4.10. Competitive FACS

For the flow cytometric analysis, the suspended cells were fixed and permeabilized with BD cytoperm/cytofix solution (BD), followed by the incubation with primary antibody solution and with goat anti-mouse IgG F(ab′)2-PE. The stained cells were analyzed by FACScalibur (BD) and the obtained data were analyzed using CellQuest software (BD). When determining whether the autoantibody-mimotope display phage or streptavidin can compete with target cellular antigen for antibody binding, primary antibodies were pre-incubated with each mimotope-display antigens at room temperature for 60 min and then used for staining.

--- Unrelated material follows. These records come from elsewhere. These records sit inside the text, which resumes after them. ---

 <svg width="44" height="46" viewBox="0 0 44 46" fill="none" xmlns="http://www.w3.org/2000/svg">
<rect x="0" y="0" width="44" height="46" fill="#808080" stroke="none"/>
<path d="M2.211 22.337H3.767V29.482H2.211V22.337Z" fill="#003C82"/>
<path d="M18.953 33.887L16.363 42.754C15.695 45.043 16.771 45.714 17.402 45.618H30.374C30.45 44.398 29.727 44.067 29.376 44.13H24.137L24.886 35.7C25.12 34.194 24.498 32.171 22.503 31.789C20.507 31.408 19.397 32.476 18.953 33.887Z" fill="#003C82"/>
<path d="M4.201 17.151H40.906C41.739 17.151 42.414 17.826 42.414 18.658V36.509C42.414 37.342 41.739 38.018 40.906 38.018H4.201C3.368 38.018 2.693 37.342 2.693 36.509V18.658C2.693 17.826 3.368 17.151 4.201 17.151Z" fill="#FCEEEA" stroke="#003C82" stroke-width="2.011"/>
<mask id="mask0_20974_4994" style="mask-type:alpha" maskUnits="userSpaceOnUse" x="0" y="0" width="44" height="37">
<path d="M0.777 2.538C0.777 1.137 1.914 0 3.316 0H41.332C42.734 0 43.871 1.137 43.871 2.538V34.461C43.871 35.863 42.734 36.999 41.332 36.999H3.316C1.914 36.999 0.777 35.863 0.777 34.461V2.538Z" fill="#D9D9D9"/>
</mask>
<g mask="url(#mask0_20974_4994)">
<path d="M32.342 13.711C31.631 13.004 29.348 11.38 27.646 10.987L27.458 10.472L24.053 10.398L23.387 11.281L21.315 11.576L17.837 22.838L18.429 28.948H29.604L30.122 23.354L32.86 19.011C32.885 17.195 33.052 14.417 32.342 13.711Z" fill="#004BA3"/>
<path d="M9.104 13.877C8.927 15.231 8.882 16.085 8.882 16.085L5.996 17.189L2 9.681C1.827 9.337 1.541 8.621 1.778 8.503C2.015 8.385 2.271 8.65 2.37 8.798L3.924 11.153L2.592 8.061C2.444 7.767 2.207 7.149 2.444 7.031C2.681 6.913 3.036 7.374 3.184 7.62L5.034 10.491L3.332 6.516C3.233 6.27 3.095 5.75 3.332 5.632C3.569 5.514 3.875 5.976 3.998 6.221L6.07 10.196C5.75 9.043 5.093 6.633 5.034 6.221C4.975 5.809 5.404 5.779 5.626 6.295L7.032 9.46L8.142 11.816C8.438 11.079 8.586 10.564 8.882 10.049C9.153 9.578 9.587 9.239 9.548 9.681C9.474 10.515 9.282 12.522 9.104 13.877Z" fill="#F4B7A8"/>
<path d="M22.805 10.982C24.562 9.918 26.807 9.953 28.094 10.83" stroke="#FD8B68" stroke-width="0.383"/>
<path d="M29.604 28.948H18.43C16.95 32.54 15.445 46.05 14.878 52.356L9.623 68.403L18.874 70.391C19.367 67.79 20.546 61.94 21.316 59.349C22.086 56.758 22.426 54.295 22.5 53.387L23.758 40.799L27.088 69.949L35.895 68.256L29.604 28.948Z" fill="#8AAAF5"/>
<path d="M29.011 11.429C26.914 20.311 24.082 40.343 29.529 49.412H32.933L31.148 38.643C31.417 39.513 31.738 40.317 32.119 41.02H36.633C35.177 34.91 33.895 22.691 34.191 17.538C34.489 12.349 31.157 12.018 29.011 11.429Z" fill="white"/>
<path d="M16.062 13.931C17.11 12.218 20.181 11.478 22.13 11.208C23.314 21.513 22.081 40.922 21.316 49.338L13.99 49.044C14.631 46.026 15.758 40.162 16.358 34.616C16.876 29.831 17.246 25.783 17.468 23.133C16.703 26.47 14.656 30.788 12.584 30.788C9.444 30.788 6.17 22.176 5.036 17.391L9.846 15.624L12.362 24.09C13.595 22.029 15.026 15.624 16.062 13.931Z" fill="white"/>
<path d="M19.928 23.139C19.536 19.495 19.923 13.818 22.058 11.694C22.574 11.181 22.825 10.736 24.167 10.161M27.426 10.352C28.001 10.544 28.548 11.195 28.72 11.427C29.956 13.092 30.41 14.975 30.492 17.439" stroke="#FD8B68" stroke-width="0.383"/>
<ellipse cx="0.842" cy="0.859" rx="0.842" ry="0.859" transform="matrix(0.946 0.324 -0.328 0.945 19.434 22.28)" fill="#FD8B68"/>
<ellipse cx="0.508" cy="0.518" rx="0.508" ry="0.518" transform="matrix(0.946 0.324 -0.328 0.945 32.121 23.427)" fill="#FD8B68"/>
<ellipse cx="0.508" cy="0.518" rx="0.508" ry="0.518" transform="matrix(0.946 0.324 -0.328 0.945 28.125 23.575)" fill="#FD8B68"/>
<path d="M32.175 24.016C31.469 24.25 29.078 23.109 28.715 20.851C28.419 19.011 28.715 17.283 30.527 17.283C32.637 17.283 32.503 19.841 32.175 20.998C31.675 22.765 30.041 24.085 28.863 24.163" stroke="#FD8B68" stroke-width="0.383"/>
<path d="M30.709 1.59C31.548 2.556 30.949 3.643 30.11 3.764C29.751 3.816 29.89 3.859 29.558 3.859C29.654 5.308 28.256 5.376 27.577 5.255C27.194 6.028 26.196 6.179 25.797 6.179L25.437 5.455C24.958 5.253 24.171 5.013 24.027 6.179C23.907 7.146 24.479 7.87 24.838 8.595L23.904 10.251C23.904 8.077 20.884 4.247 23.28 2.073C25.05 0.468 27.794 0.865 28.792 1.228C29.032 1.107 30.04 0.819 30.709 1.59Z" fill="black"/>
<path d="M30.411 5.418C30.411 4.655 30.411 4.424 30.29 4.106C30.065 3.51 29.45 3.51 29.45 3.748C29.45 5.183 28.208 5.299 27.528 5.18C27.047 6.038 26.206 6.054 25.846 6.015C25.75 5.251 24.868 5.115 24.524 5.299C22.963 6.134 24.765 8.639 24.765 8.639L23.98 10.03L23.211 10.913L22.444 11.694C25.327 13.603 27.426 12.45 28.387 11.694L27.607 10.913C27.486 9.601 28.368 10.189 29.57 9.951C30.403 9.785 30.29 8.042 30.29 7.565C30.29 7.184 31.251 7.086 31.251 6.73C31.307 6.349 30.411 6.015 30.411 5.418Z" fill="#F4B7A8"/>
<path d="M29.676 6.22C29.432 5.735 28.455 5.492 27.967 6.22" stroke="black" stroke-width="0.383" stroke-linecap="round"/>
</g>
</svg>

4.11. Expression and Purification of Recombinant ATIC Protein and XC154p1 Epitope Display Streptavidin (XC154p1-STA)

The cDNA of human ATIC (hATIC: 1779 bp) was prepared from total mRNA of HepG2 cells, and amplified cDNA insert was cloned into pET28a(+) vector using NheI and BamHI sites (Supplementary Figure S5). For the effective protein folding of hATIC which containing 10 cysteine residues, hATIC expression vector was transformed into E. coli strain SHuffle® T7 (New England Biolabs), an engineered E. coli B strain, as a host cell to promote disulfide bond formation in the cytoplasm. Transformed cells were cultured for 22 h at 25 °C and His6-tagged hATIC was purified using a Talon affinity column (Clontech Laboratories, Mountain View, CA, USA) by imidazole gradient elution (0 to 0.5 M). Fractions containing hATIC were pooled and used for further analysis. The DNA coding cyclic peptide epitope XC154p1 sequence (-CLPSWFHRC-) with NdeI and NotI restriction enzyme sites was synthesized (Bioneer) and cloned into the streptavidin cloned-pET28a(+) vector, as described previously [22]. The cyclic peptide epitope expression vector was also transformed into E. coli strain SHuffle® T7. Transformants were cultured and XC154p1-STA was purified using a Talon affinity column and HiLoad 16/600 Superdex 200 prep grade column, as described previously [22]. Fractions containing XC154p1-STA were pooled and used for further analysis and human serum ELISA.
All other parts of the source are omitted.